Ary Lopes Cardoso — A gente está vivendo a época da obesidade, uma epidemia no mundo. Há muitos anos veio a São Paulo um professor da Carolina do Norte que fez uma apresentação sobre a evolução da obesidade nos Estados Unidos nos anos 1990. Ele mostrou que a curva de crescimento da obesidade do Brasil iria superar a dos EUA em 2030. Eu tenho certeza disso, porque hoje em cada casa brasileira tem um obeso. Vejo médicos propondo soluções medicamentosas perigosas e caríssimas, como um grupo que estuda a administração de medicamento para tratar o diabetes tipo 2 em crianças acima de seis anos. Então a obesidade é doença, sim, mas tem de ser enfrentada com educação, desde a gravidez da mãe. Até os dez anos a criança obesa tem pai e mãe do lado; depois disso, nos dias de hoje, ninguém segura os adolescentes. Então se vão ao endócrino, ele receita remédio ou cirurgia bariátrica — o que acho errado, tem de educar! Os pais precisam afirmar que a casa é deles e quem mora ali segue regras de alimentação: tem arroz, feijão, carne, legume, verdura e fruta, não macarrão, nuggets, salsicha e hambúrguer todo dia. E água é a melhor bebida que existe. Se for educado dessa forma, funciona, mas se com cinco anos o menino for gorducho, vai ser obeso na vida adulta, e são os maus hábitos e a má educação que levam a isso.

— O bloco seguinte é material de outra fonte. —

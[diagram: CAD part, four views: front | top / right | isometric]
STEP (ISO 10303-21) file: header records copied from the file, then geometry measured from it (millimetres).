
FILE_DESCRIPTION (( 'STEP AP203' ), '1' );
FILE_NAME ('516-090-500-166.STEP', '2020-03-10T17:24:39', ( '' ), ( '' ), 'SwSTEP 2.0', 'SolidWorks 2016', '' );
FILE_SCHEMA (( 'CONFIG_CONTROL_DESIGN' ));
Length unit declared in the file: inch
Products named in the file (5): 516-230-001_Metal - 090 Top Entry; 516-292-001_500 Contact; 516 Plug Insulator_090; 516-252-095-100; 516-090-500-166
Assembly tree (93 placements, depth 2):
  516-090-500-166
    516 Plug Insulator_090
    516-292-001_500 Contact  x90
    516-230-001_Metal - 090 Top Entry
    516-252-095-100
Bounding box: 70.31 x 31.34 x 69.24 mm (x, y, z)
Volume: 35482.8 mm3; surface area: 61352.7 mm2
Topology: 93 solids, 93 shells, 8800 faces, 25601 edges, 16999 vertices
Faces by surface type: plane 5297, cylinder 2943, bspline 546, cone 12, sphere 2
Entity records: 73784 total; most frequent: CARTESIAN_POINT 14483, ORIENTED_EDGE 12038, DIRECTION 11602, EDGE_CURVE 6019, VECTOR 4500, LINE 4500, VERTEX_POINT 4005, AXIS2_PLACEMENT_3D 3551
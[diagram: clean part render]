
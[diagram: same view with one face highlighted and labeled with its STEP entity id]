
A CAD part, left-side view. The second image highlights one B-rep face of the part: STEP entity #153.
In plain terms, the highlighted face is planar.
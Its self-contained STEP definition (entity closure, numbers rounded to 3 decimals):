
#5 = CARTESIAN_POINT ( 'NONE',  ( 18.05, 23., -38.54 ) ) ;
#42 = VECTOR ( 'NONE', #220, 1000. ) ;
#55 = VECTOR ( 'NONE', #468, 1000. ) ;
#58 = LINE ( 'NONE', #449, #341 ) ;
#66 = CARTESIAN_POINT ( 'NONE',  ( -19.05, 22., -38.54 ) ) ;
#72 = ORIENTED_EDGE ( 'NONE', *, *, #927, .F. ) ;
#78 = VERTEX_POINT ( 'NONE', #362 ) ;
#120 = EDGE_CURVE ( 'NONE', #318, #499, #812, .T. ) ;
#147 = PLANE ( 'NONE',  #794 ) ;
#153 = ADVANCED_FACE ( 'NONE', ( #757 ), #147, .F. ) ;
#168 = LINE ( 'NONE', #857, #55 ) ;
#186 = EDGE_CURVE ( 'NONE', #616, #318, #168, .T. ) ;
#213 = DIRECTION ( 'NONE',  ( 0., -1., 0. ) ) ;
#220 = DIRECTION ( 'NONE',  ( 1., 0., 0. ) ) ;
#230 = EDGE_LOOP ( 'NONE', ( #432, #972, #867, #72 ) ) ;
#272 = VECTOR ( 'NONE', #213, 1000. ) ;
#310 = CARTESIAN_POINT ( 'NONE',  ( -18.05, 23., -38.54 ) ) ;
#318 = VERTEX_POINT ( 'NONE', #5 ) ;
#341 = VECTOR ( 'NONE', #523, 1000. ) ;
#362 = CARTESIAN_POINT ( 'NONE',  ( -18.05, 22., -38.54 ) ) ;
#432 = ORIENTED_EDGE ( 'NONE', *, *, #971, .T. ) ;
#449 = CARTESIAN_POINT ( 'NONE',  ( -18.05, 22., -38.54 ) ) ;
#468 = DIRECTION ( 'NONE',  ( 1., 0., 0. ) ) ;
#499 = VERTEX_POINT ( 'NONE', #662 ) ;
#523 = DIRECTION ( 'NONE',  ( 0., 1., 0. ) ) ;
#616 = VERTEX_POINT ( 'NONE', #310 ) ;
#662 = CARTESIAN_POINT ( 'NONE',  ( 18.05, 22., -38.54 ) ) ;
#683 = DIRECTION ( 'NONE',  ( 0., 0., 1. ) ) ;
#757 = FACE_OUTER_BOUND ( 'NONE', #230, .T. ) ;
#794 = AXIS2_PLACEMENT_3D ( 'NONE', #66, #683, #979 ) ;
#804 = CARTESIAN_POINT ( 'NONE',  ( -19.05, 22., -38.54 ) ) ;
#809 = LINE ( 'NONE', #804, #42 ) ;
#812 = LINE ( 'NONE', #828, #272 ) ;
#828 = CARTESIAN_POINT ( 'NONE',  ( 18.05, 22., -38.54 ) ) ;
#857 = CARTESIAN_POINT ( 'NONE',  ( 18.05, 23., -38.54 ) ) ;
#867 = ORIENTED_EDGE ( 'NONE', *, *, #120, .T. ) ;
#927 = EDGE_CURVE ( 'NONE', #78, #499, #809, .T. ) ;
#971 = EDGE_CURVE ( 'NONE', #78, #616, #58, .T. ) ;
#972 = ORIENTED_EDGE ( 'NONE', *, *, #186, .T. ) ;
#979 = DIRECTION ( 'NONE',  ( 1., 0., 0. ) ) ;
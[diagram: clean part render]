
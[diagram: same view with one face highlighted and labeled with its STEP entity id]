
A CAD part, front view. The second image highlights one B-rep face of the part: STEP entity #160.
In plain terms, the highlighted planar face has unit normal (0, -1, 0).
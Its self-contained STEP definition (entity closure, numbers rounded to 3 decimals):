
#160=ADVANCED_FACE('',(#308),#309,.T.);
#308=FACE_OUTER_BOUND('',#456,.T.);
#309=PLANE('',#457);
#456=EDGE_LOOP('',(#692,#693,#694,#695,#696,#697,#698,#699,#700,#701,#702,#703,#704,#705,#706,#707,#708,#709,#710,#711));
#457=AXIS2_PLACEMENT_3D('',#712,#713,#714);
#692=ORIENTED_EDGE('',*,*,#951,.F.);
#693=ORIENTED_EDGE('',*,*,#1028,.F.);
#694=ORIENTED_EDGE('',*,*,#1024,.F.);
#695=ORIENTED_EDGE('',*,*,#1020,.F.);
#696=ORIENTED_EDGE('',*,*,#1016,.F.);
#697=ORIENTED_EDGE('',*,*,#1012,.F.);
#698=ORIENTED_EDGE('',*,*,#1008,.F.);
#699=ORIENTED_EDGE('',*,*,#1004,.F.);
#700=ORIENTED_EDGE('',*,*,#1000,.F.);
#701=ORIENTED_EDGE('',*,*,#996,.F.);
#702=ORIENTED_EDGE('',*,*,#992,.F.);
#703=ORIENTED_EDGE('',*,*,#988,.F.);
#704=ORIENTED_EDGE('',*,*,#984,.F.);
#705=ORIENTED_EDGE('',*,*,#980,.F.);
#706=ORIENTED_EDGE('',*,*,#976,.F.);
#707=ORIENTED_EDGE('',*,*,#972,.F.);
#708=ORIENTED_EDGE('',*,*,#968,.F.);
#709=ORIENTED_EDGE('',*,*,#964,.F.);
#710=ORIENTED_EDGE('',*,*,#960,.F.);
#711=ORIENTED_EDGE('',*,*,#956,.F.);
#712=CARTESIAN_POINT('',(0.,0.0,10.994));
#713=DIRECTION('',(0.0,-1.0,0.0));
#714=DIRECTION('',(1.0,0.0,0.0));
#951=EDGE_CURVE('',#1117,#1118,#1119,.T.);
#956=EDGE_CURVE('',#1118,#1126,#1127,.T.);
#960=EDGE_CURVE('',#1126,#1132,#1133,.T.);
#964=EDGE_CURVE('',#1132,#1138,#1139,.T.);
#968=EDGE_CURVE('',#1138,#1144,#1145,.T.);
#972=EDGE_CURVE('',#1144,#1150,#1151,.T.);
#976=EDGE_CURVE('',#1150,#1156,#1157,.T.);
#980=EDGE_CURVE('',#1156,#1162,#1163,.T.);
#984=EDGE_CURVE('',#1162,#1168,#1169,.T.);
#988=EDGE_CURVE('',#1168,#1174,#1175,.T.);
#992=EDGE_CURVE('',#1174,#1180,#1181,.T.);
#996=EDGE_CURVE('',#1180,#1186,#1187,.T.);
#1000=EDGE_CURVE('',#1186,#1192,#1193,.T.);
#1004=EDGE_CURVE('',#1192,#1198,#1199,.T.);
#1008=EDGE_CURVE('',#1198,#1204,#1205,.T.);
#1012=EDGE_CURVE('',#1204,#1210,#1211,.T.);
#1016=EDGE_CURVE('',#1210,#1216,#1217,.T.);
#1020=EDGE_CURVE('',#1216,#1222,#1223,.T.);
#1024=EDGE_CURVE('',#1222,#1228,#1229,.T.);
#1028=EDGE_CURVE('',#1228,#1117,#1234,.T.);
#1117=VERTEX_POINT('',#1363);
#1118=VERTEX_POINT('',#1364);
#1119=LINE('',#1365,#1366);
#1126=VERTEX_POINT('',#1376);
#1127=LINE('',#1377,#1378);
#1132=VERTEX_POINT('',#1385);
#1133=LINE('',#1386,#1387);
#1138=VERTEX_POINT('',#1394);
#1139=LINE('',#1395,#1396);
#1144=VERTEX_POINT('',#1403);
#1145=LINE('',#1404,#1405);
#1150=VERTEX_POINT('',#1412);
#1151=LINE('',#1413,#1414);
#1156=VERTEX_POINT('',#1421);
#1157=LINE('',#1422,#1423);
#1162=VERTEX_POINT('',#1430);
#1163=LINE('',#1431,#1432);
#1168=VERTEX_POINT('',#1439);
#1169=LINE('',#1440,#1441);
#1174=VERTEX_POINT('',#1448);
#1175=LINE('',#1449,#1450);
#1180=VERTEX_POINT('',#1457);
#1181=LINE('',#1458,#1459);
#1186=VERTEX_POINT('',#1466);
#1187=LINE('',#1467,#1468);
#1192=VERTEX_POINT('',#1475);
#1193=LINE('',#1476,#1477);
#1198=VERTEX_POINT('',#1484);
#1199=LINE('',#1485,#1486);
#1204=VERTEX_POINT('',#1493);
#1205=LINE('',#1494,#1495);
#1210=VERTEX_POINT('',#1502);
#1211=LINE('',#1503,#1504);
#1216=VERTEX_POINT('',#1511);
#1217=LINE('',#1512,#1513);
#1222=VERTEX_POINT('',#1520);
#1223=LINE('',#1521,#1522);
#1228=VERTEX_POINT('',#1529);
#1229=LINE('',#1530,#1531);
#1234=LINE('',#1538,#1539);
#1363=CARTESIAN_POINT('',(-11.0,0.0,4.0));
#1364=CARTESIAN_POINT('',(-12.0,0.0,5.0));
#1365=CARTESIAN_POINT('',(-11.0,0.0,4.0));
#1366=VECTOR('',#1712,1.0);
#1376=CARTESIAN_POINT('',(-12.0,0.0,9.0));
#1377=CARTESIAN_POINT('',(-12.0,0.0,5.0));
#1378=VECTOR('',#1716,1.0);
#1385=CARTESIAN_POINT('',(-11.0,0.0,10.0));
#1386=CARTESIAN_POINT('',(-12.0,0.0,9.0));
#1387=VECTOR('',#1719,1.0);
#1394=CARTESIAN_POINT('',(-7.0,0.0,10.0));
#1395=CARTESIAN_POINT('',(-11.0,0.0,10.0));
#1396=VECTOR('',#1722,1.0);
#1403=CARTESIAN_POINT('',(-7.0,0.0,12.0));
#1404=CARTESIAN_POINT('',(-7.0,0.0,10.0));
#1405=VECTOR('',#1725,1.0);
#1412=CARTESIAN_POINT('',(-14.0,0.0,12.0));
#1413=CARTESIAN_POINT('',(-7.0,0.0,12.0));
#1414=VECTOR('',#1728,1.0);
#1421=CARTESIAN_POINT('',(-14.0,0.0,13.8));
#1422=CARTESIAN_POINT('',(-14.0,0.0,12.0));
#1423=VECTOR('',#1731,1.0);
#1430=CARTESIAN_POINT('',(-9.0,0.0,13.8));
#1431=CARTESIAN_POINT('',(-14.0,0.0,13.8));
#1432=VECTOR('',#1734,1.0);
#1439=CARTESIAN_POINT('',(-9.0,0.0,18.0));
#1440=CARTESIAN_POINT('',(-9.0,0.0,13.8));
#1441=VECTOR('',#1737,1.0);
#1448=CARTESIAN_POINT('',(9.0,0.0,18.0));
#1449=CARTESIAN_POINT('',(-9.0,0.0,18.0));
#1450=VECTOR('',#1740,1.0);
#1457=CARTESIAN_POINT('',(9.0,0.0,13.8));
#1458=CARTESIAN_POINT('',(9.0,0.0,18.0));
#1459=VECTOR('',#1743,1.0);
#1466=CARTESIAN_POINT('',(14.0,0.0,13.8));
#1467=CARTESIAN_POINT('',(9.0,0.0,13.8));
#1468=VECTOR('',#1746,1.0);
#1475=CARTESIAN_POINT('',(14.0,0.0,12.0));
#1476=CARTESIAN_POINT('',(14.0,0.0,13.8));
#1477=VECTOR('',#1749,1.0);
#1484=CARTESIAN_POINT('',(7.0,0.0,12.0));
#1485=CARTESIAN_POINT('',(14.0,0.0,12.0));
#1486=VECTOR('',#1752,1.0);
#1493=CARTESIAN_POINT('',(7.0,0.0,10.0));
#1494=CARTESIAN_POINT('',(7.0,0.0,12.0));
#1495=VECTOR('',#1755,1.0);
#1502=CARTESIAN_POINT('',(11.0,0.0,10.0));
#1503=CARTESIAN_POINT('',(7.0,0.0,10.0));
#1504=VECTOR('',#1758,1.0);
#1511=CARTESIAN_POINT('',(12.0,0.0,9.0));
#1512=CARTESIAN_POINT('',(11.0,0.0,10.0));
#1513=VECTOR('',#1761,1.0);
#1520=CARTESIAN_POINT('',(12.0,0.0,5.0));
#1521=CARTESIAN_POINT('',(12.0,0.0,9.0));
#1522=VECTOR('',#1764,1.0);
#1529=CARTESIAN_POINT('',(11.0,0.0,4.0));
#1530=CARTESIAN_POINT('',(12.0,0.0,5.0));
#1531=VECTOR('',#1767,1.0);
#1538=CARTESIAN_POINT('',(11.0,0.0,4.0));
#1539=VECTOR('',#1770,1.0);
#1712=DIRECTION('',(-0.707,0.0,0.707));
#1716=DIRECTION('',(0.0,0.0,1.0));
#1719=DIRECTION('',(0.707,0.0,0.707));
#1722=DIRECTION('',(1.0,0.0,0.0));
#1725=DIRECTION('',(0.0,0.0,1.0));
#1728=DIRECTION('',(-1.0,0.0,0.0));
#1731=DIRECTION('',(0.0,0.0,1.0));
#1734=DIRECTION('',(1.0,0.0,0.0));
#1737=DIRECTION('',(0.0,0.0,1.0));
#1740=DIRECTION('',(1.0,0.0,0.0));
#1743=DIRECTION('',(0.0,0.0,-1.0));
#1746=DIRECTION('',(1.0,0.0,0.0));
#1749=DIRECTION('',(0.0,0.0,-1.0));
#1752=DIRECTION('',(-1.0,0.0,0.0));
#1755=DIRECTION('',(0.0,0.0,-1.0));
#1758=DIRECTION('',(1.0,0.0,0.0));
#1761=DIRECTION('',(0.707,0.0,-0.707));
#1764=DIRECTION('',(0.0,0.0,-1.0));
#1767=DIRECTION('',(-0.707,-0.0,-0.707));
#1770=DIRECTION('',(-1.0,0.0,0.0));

Notícias da Saúde Infantil — O que o senhor imagina para o futuro da nutrologia no Brasil?
Ary Lopes Cardoso — Percebo que ainda há grupos de especialistas que acham que sabem tudo e que não precisam de ajuda da gente (dos nutrologistas). Você consegue convencê-los, mas isso vai devagar, eu esperaria que houvesse mais compreensão e reconhecimento dessa área de trabalho. Eles se preocupam com antibiótico, quimioterapia, oxigênio, mas a mãe que vai ao consultório tratar desses problemas graves vai perguntar: o que eu dou para o meu filho comer? E o médico precisa saber responder, precisa se preocupar com a parte nutricional da criança. Por isso, a minha esperança é que esse reconhecimento seja feito com mais tranquilidade no futuro. Ao mesmo tempo, vejo residentes de nutrologia espalhados pelo Brasil acessarem a internet uma vez por mês para apresentar um caso, coordenados pelos seus preceptores médicos. Juntam-se outros residentes interessados e discutimos o assunto. Então sei que a nutrologia tem cada vez mais adeptos e torço para que só se amplie essa procura.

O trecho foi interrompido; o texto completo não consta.